= Exercise instructions =
Retype only the lines from the top of the records to the line with "အနည်းဆုံးတော့ အဂ်လိပ်စာသင်ချိန်မှာ အဂ်လိပ်လို", including that line but none of the pictures.

= The records =
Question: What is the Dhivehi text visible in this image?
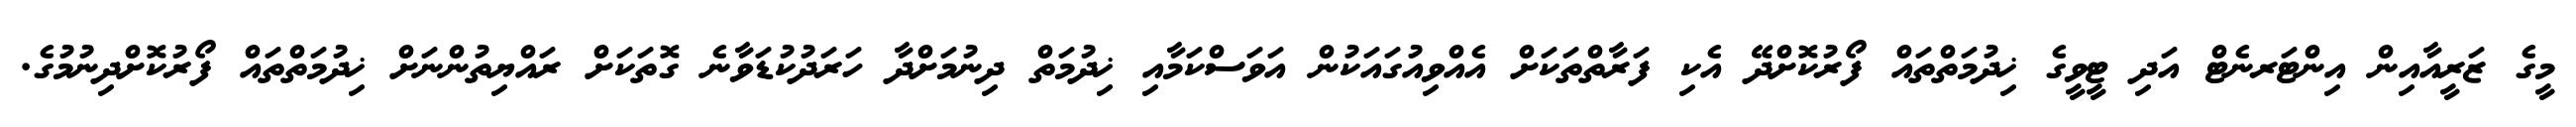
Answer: މީގެ ޒަރީއާއިން އިންޓަރނެޓް އަދި ޓީވީގެ ޚިދުމަތްތައް ފޯރުކޮށްދޭ އެކި ފަރާތްތަކަށް އެއްވިއުގައަކުން އަވަސްކަމާއި ޚިދުމަތް ދިނުމަށްދާ ހަރަދުކުޑަވާނެ ގޮތަކަށް ރައްޔިތުންނަށް ޚިދުމަތްތައް ފޯރުކޮށްދިނުމުގެ.
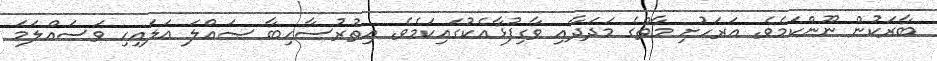
ބާރަކުން ނޫންކަމެވެ. އަރަހުށި މާތްގެ މަދަދާއި ވާގިފުޅާއެކުގައިކަމެވެ. އިތުރުސާހިބާ ޞައްލަ ޢަލައިހި ވަސައްލަމަ
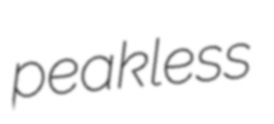
peakless
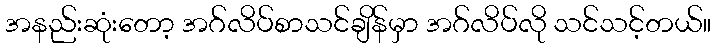
အနည်းဆုံးတော့ အဂ်လိပ်စာသင်ချိန်မှာ အဂ်လိပ်လို သင်သင့်တယ်။
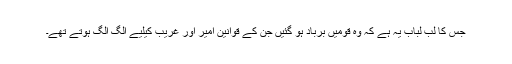
جس کا لب لباب یہ ہے کہ وہ قومیں برباد ہو گئیں جن کے قوانین امیر اور غریب کیلیے الگ الگ ہوتے تھے۔
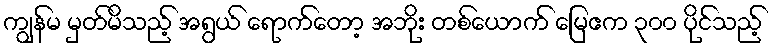
ကျွန်မ မှတ်မိသည့် အရွယ် ရောက်တော့ အဘိုး တစ်ယောက် မြေဧက ၃၀၀ ပိုင်သည့်
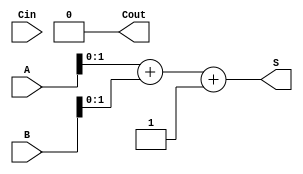
module CarrySelectAdder(
    input [3:0] A,      // 4-bit input A
    input [3:0] B,      // 4-bit input B
    input Cin,          // Input carry
    output [3:0] S,     // 4-bit sum output
    output Cout         // Output carry
);

    wire [3:0] S0, S1;      // Sums for carry-in = 0 and carry-in = 1
    wire C0, C1;            // Carry outputs for carry-in = 0 and carry-in = 1

    // 2-bit adders for each segment
    assign {C0, S0} = A[1:0] + B[1:0] + 0;  // Add lower 2 bits with Cin = 0
    assign {C1, S1} = A[1:0] + B[1:0] + 1;  // Add lower 2 bits with Cin = 1

    // Carry Lookahead Logic for the next segment
    wire P0, G0, P1, G1;

    assign P0 = A[1] ^ B[1]; // Propagate for bit 1
    assign G0 = A[1] & B[1]; // Generate for bit 1
    assign P1 = A[2] ^ B[2]; // Propagate for bit 2
    assign G1 = A[2] & B[2]; // Generate for bit 2

    // Carry for the second segment based on the first segment's carry
    wire C2;
    assign C2 = G0 | (P0 & Cin);

    // Sums for the second segment
    wire [3:0] S2, S3;
    assign {C2, S2} = A[3:2] + B[3:2] + C0; // Add higher 2 bits with C0
    assign {C3, S3} = A[3:2] + B[3:2] + C1; // Add higher 2 bits with C1

    // Final selection of sum and carry
    assign S = {S3, S1};       // Concatenate sums
    assign Cout = Cin ? C1 : C0; // Select carry output based on Cin

endmodule
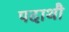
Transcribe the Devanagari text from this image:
पदाथौ
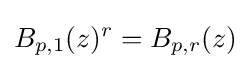
B_{p,1}(z)^{r}=B_{p,r}(z)
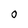
Character: 0
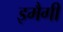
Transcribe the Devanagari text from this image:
इमैगी
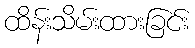
ထိန်းသိမ်းထားခြင်း
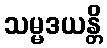
သမ္မဒယန္တိ
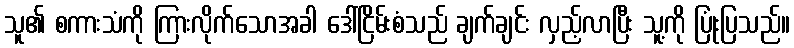
သူ၏ စကားသံကို ကြားလိုက်သောအခါ ဒေါ်ငြိမ်းစံသည် ချက်ချင်း လှည့်လာပြီး သူ့ကို ပြုံးပြသည်။
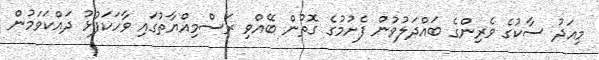
މިއަދު ސާކުގެ ވެރިންގެ ބައްދަލުވުން ފެށުމުގެ ގޮތުން ބޭއްވި ރަސްމިއްޔާތުގައި ވާހަކަފުޅު ދައްކަވަމުން
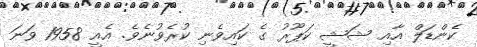
ކެންޑަލް އާއި ޝަޝީ ކަޕޫރު ގެ ކައިވެނި ކުރެވުނެވެ. އެއީ 1958 ވަނަ
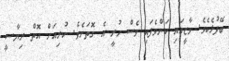
ބޭފުޅެކެވެ. މާޒީގައި ކަންވެފައި ވެސް ހުރީ އެ ގޮތަށެވެ. ކުރިއަށް އޮތް ރިޔާސީ
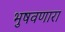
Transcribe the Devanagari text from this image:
भुषवणारा
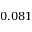
0 . 0 8 1
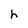
Character: h
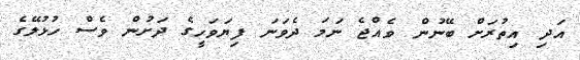
އަދި އިތުރަށް ބޭނުން ވެއްޖެ ނަމަ ދެވަނަ ފިޔަވަހީގެ ދަށުން ވެސް ހުޅުލޭގެ
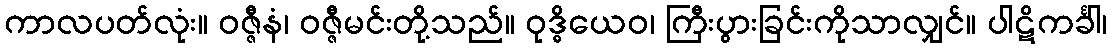
ကာလပတ်လုံး။ ဝဇ္ဇီနံ၊ ဝဇ္ဇီမင်းတို့သည်။ ဝုဒ္ဓိယေဝ၊ ကြီးပွားခြင်းကိုသာလျှင်။ ပါဋိကင်္ခါ၊
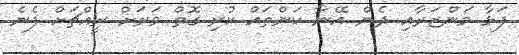
ފަޅާ މަންޒަރާއި ދެން އޭނާ ކަންތައް ކުރި ގޮތް ވަރަށް ރީއްޗަށް ފެނެ
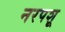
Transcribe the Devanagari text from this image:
नरपशू
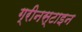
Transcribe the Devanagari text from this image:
ग्रीनस्टाइन
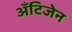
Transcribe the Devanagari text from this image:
ॲंटिजेन
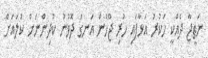
ނަތީޖާ ދެއްކީ ހަކުރު އަޅާފައި ހުރި ޖޫހުން އަނގަ ދޮވުނު ކުދިންނަށް ކުލައަށް
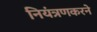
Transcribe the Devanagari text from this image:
नियंत्रणकरने
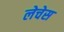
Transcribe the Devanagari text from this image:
लेचेस
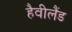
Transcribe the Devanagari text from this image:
हैवीलैंड
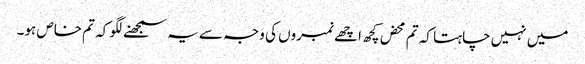
میں نہیں چاہتا کہ تم محض کچھ اچھے نمبروں کی وجہ سے یہ سمجھنے لگو کہ تم خاص ہو۔
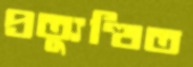
প্রত্যুত্থিত
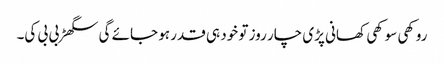
روکھی سوکھی کھانی پڑی چار روز تو خود ہی قدر ہو جائے گی سگھڑ بی بی کی۔
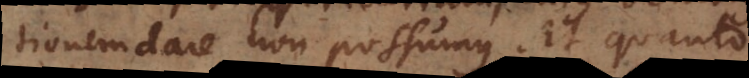
tionem dare non possumus. Et quanto
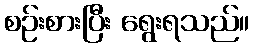
စဉ်းစားပြီး ရွေးရသည်။
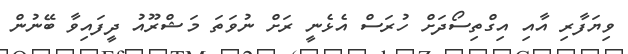
ވިޔަފާރި އާއި އިގްތިސޯދަށް ހުރަސް އެޅެނީ ރަށް ނުވަތަ މަޝްރޫއު ދީފައިވާ ބޭނުން
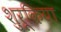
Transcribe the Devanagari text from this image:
शुरूकिया
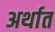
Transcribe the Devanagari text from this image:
अर्थात
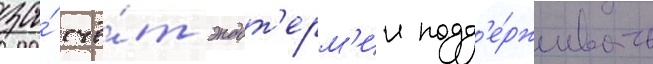
за́ счё́т эндот'ерм'ии подд'е́рживать
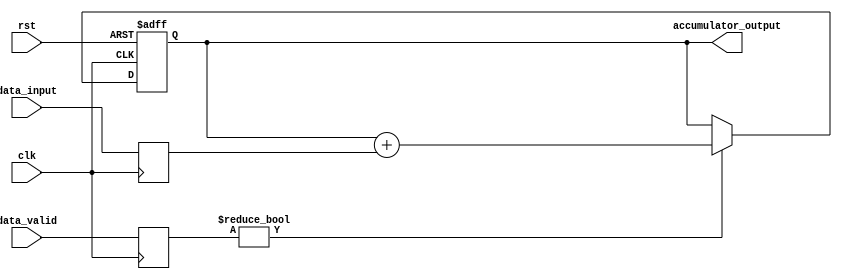
module parallel_accumulator (
    input clk,
    input rst,
    input [7:0] data_input,
    input [7:0] data_valid,
    output reg [15:0] accumulator_output
);

reg [15:0] accumulator;
reg [7:0] data_input_reg;
reg [7:0] data_valid_reg;

always @(posedge clk or posedge rst) begin
    if (rst) begin
        accumulator <= 16'b0;
    end else begin
        if (data_valid_reg) begin
            accumulator <= accumulator + data_input_reg;
        end
    end
end

always @(posedge clk) begin
    data_input_reg <= data_input;
    data_valid_reg <= data_valid;
end

assign accumulator_output = accumulator;

endmodule

= Written answer =
Question: What is the Dhivehi text visible in this image?
Answer: މީގެ ޒަރީއާއިން އިންޓަރނެޓް އަދި ޓީވީގެ ޚިދުމަތްތައް ފޯރުކޮށްދޭ އެކި ފަރާތްތަކަށް އެއްވިއުގައަކުން އަވަސްކަމާއި ޚިދުމަތް ދިނުމަށްދާ ހަރަދުކުޑަވާނެ ގޮތަކަށް ރައްޔިތުންނަށް ޚިދުމަތްތައް ފޯރުކޮށްދިނުމުގެ.
ބާރަކުން ނޫންކަމެވެ. އަރަހުށި މާތްގެ މަދަދާއި ވާގިފުޅާއެކުގައިކަމެވެ. އިތުރުސާހިބާ ޞައްލަ ޢަލައިހި ވަސައްލަމަ
peakless
အနည်းဆုံးတော့ အဂ်လိပ်စာသင်ချိန်မှာ အဂ်လိပ်လို သင်သင့်တယ်။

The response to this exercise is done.